Large electrical currents traverse developing Ceropia follicles.

An intense (up to 20 muA/cm(2)) steady electrical current enters the anterior or nurse cell end of the growing follicle (or oocyte-nurse cell complex) of the Cecropia moth and is balanced by a more diffuse current leaving elsewhere. In late growth stages, the total transfollicular current is about 100 nA. Moreover, a separate small current, of about 1 nA, seems to leave the furrow between the oocyte and the nurse cells. After the nurse cells collapse, but before shell formation, the transfollicular current is redistributed so that a second relatively localized inward current appears at the posterior pole of the follicle. Thus, at this later stage currents enter both poles of the follicle and leave its sides. Previous measurements, with intracellular microelectrodes, seem to imply a very large (order of 1000 nA) back current across the cytoplasmic bridge between the oocyte and nurse cells. A simple model is presented that attributes the apparent bridge current, and the more directly measured transfollicular and furrow currents, to the action of an ion pump lying within the nurse cell face of the furrow membrane.

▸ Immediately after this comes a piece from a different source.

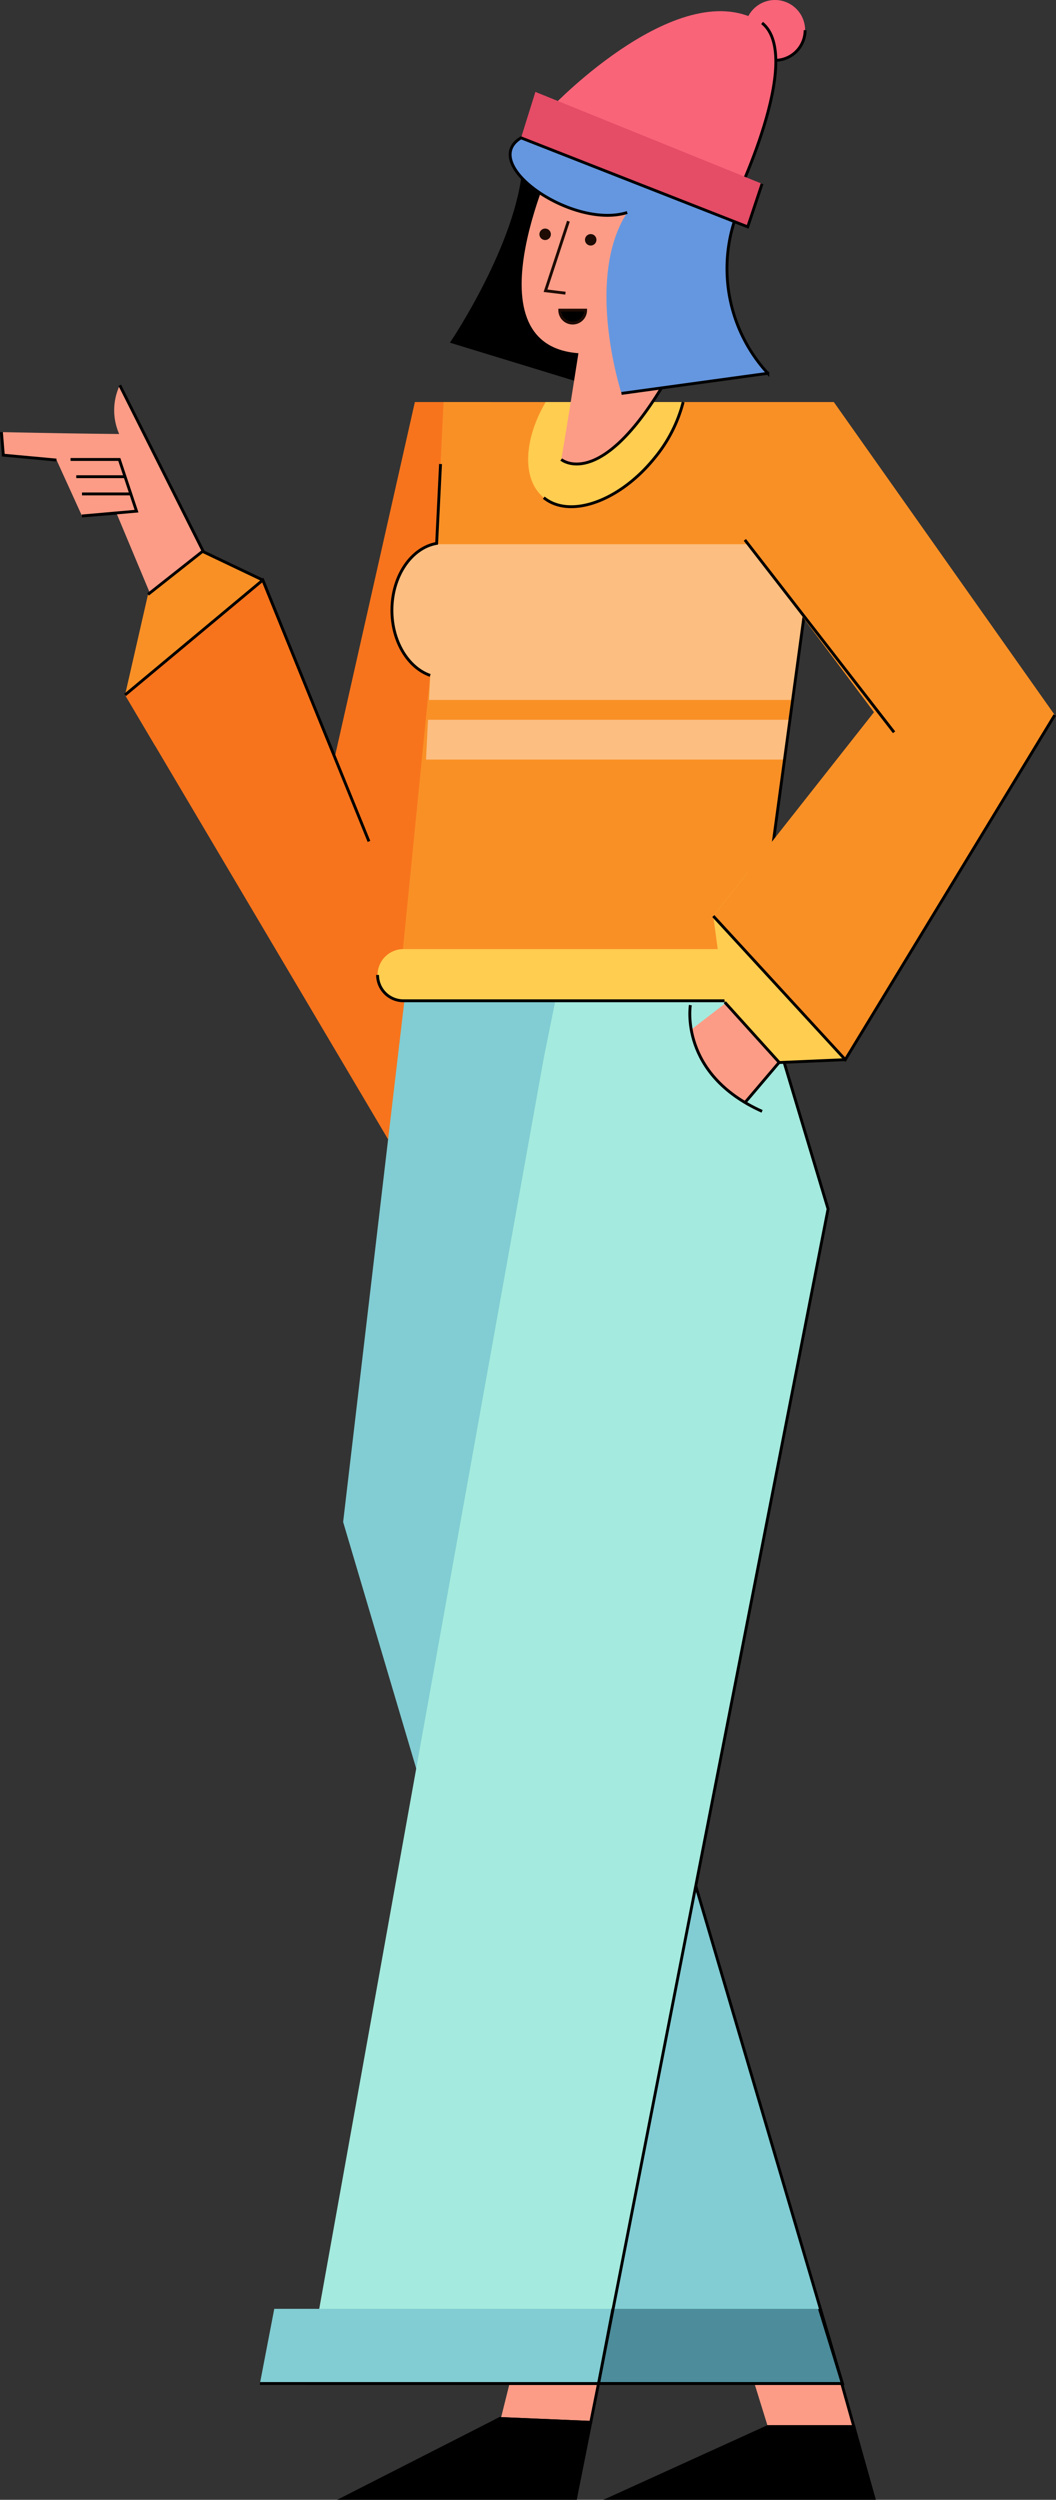 <svg viewBox="0 0 368.01 870.5" xmlns="http://www.w3.org/2000/svg"><rect x="0" y="0" width="368.01" height="870.5" fill="#333333" stroke="none"/><path d="m72.4 195.13-30.65-61a20.45 20.45 0 0 0 -.21 17c-17.79-.15-41-.66-41-.66l.66 8 18.5 1.71 8.87 19.47 12-1 14.21 33.95z" fill="#fc9c86"/><g fill="none" stroke="#000" stroke-miterlimit="10"><path d="m40.57 178.69-12.04.99 19.05-1.68-6-18h-17"/><path d="m41.75 134.16 30.65 60.97-17.62 17.51"/><path d="m.5 150.47.66 8.03 18.5 1.71"/></g><path d="m97.67 217.11-6.09-15.11-21-10-19 15-8 35 10.51 17.74z" fill="#f99026"/><path d="m97.67 217.11-6.09-15.11-21-10-19 15" fill="none" stroke="#000" stroke-miterlimit="10"/><path d="m171.08 140h-26.5l-28 124-25-62-48 40 93 157 41-68z" fill="#f7741c"/><path d="m136.58 399 41-68" fill="none" stroke="#000" stroke-miterlimit="10"/><path d="m205.87 843.53 6.71-33.53h-30l-8 32-.38.19z" fill="#fc9c86"/><path d="m174.58 842-.38.19 31.67 1.34 6.71-33.53" fill="none" stroke="#000" stroke-miterlimit="10"/><path d="m200.58 870 5.29-26.47-31.67-1.34-54.62 27.81z" stroke="#000" stroke-miterlimit="10"/><path d="m288.58 813.05-30 2.95 9 29h29.98z" fill="#fc9c86"/><g stroke="#000" stroke-miterlimit="10"><path d="m267.58 845h29.98l-8.98-31.95" fill="none"/><path d="m304.58 870-7.02-25h-29.98l-55 25z"/><path d="m128.58 293-37-91-48 40" fill="none"/></g><path d="m146.81 298.49-27.23 231.51 89 300h85l-87-295 15-205z" fill="#81cdd3"/><path d="m293.58 830h-135l5-26h122z" fill="#4c8c9b"/><path d="m285.58 804 8 26h-135" fill="none" stroke="#000" stroke-miterlimit="10"/><path d="m208.58 830h85l-87-295 15-205-74.77-31.51" fill="none" stroke="#000" stroke-miterlimit="10"/><path d="m189.58 368-83 462h102l80-409-27-90h-64.5z" fill="#a4eade"/><path d="m106.58 830h102l80-409-27-90h-64.5" fill="none" stroke="#000" stroke-miterlimit="10"/><path d="m201.58 132.5-44-13.45s23-34.15 25-61c14 4.14 22 11.38 22 11.38z" stroke="#000" stroke-miterlimit="10"/><circle cx="270.08" cy="10.5" fill="#f96479" r="10.5"/><path d="m280.58 10.5a10.5 10.5 0 0 1 -21 0" fill="none" stroke="#000" stroke-miterlimit="10"/><path d="m154.58 140-2.41 49.22c-8.8 1.54-15.59 11.37-15.59 23.28 0 10.87 5.65 20 13.33 22.7l-10.83 108.8h123.5l28-204z" fill="#f99026"/><path d="m276.34 243.73 7.44-54.23h-132.78c-8.21 2.19-14.39 11.64-14.39 23 0 10.87 5.65 20 13.33 22.7l-.42 8.53z" fill="#fff" opacity=".42"/><path d="m273.49 264.5 1.9-13.85h-126.24l-.68 13.85z" fill="#fff" opacity=".42"/><path d="m140.08 344h122.5l26-191" fill="none" stroke="#000" stroke-miterlimit="10"/><path d="m153.52 161.58-1.35 27.64c-8.8 1.54-15.59 11.37-15.59 23.28 0 10.87 5.65 20 13.33 22.7" fill="none" stroke="#000" stroke-miterlimit="10"/><rect fill="#ffcd50" height="18" rx="9" width="135.5" x="131.58" y="330.5"/><path d="m258.08 330.5a9 9 0 0 1 9 9 9 9 0 0 1 -9 9h-117.5a9 9 0 0 1 -9-9" fill="none" stroke="#000" stroke-miterlimit="10"/><path d="m190.17 140c-7.72 13.16-8.33 27.05-.66 33.31 9.07 7.39 26.28 1.3 38.44-13.62a50.2 50.2 0 0 0 10.13-19.69z" fill="#ffcd50"/><path d="m189.51 173.31c9.07 7.39 26.28 1.3 38.44-13.62a50.2 50.2 0 0 0 10.13-19.69" fill="none" stroke="#000" stroke-miterlimit="10"/><path d="m194.58 52s-33 68 7 71c-5 32-6 37-6 37s13 11 35-25c5-49 7-67 7-67z" fill="#fc9c86"/><path d="m195.58 160s13 11 35-25c5-49 7-67 7-67" fill="none" stroke="#000" stroke-miterlimit="10"/><path d="m192.58 37s45-47 73-29c15 12-10 63-10 63z" fill="#f96479"/><path d="m265.58 8c15 12-10 63-10 63" fill="none" stroke="#000" stroke-miterlimit="10"/><path d="m216.58 137 51-7a53.89 53.89 0 0 1 -11.69-52.84c-12.31-15.16-59.31-38.16-74.31-29.16s18 32 37 26c-15 23-2 63-2 63z" fill="#6597e0"/><path d="m216.58 137 51-7a53.89 53.89 0 0 1 -11.69-52.84c-12.31-15.16-59.31-38.16-74.31-29.16s18 32 37 26" fill="none" stroke="#000" stroke-miterlimit="10"/><path d="m259.84 383.69 16.74-19.69-9-26-27 20.77a39.56 39.56 0 0 0 19.26 24.92z" fill="#fc9c86"/><path d="m267.58 338 9 26-17 20" fill="none" stroke="#000" stroke-miterlimit="10"/><path d="m260.58 79-79-31 5-16 79 32z" fill="#e54c66"/><path d="m265.58 64-5 15-79-31" fill="none" stroke="#000" stroke-miterlimit="10"/><path d="m312.07 340.25-17.49 28.75-23 1-19-21-4-30 11.97-15.18z" fill="#ffcd50"/><path d="m294.58 369-23 1-19-21" fill="none" stroke="#000" stroke-miterlimit="10"/><path d="m290.58 140 77 109-73 120-46-50 56-71-45-60" fill="#f99026"/><g fill="none" stroke="#000" stroke-miterlimit="10"><path d="m311.58 255-52-67"/><path d="m367.58 249-73 120-46-50"/><path d="m26.58 166h16.66"/><path d="m28.58 172h16.66"/><path d="m240.58 350s-4 24 25 37"/></g><path d="m208.58 830h-118l5-26h118z" fill="#81cdd3"/><g stroke-miterlimit="10"><path d="m213.58 804-5 26h-118" fill="none" stroke="#000"/><g stroke="#1e0b04"><path d="m198.09 77.03-7.98 24.22 6.95.84" fill="none"/><circle cx="205.86" cy="83.51" fill="#1e0b04" r="1.5"/><circle cx="189.98" cy="81.59" fill="#1e0b04" r="1.5"/><path d="m199.58 112.5a4.5 4.5 0 0 0 4.5-4.5h-9a4.49 4.49 0 0 0 4.5 4.5z"/></g></g></svg>

Polarized intercellular bridges in ovarian follicles of the cecropia moth.

Fluorescein-labeled rabbit serum globulin was injected into vitellogenic oocytes of the cecropia moth. Though the label spread throughout the ooplasm in less than 30 min, it was unable even after 2 h to cross the complex of intercellular bridges connecting the oocyte to its seven nurse cells. After injection into a single nurse cell, fluorescence was detected in the oocyte adjacent to the bridge complex within 3 min and had spread throughout the ooplasm in 30 min. Here also, the cell bodies of the six uninjected nurse cells remained nonfluorescent. Four of the nurse cells are not bridged directly to the oocyte but only through the apical ends of their siblings. Unidirectional movement must therefore occur in the apical cytoplasm of the nurse cells, as well as in the intercellular bridges. The nurse cells of healthy follicles had an intracellular electrical potential -40 mV relative to blood or dissecting solution, while oocytes measured -30 mV. A mV difference was also detected by direct comparison between a ground electrode in one cell and a recording electrode in the other. Three conditions were found in which the 10 mV difference was reduced or reversed in polarity. In all three cases fluorescent globulin was able in some degree to cross the bridges from the oocyte to the nurse cells.